Gary Monro’s blog

RantsJune 30, 2005 3:40 pm

At most, only one of these two BBC stories can actually be true:

Blair says rebate ‘will remain’ (8 June, 2005)

Blair says EU rebate ‘has to go’ (21 June, 2005)

Which one could it be? They’re both so flatly contradictory that it leaves the casual reader baffled. Let’s read the text within the story and see if that sheds any light.

Blair says rebate ‘will remain’

The UK’s EU budget rebate remains justified and “will not be negotiated away”, Tony Blair has told MPs
He spoke amid claims other members want to freeze or axe the rebate, won by Margaret Thatcher in 1984, when leaders meet at a summit next week.

Speaking at Prime Minister’s Questions, he said: “The UK rebate will remain and we will not negotiate it away. Period.”

Shadow chancellor George Osborne said it was not good enough for Mr Blair to say he would not negotiate away the rebate.

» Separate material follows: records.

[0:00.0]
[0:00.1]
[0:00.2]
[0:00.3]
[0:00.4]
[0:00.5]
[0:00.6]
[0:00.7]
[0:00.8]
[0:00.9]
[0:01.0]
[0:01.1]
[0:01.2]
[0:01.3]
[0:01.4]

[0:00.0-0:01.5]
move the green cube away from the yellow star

“What he needs to say is that he will not diminish its value in any way and that there will be no concessions and no fudging,” he added.

“Trying to extract the truth from this prime minister is like trying to nail jelly to a wall. He must be completely clear about what he means.”

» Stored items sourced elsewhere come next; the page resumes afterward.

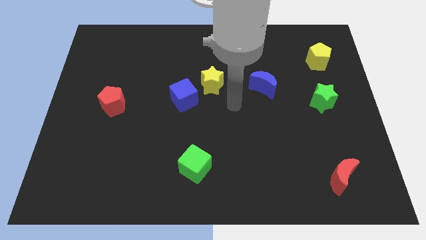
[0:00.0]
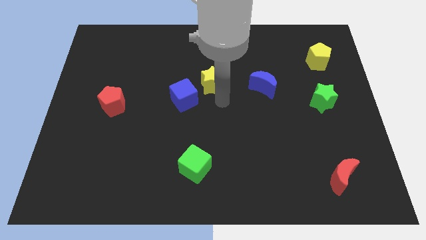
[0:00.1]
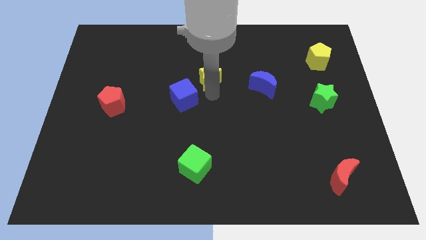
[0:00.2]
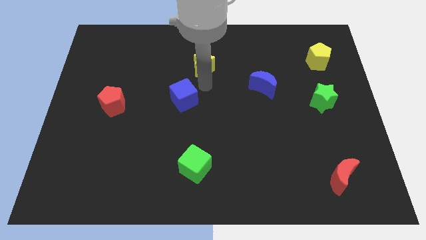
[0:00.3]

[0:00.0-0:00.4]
separate the blue cube from the yellow star

Well, that’s pretty clear. In fact, I think that George Osborne is just causing trouble, trying to make a name for himself. I see little doubt about Blair’s intentions here. He’s pretty emphatic, I feel.

Let’s take a look at the other story then:

Blair says EU rebate ‘has to go’

Tony Blair has said Britain’s £3bn EU rebate is an “anomaly that has to go” - but he made clear that its removal had to be linked to farm subsidy reform.

Mr Blair said: “We have made it clear all the way through that we are prepared not just to discuss and negotiate upon, but to recognise that the rebate is an anomaly that has to go, but it has to go in the context of the other anomaly being changed away.”

(Emphasis mine).

Oops - sorry George. Looks like you were right to try to pin Blair down. Now we’re really confused. Which do we believe?

After the lies and deceits over Iraq - and, don’t forget, Blair was fully backed by his cabinet over these things - anything is believable but the problem here is not that Blair is covering up his lies it’s that he’s actually being forthright - blatant, even - with regards to two absolutely contradictory stances. And it’s not like there was enough time between speeches for his opinion to evolve into something else. He was a unilateral disarmer, a nationaliser and an anti-European before becoming a multi-lateralist, Thatcherite free-marketeer and Euro-fanatic - but the transformation did at least take a few years. This dramatic change of stance occurred in just two weeks.

What strikes me more though is that he must realise he’s taken a complete about turn over the rebate and yet has absolutely no qualms about it. Who does he think he is? Who does he think we are? His holding of two totally contradictory points of view suggests either staggering disregard for his reputation as an honest man (my, how I smile as I write that) or a split personality.

Either way, he shouldn’t be leading our country.

Rants 12:52 pm

Okay, okay, I’m lying. Just thought I’d grab your attention with a statement that is obviously absurd…

Just stumbled on Ashley Mote’s site - he’s a British member of the European Union - and a Euro-realist (ie he doesn’t agree with their being a European union in the first place).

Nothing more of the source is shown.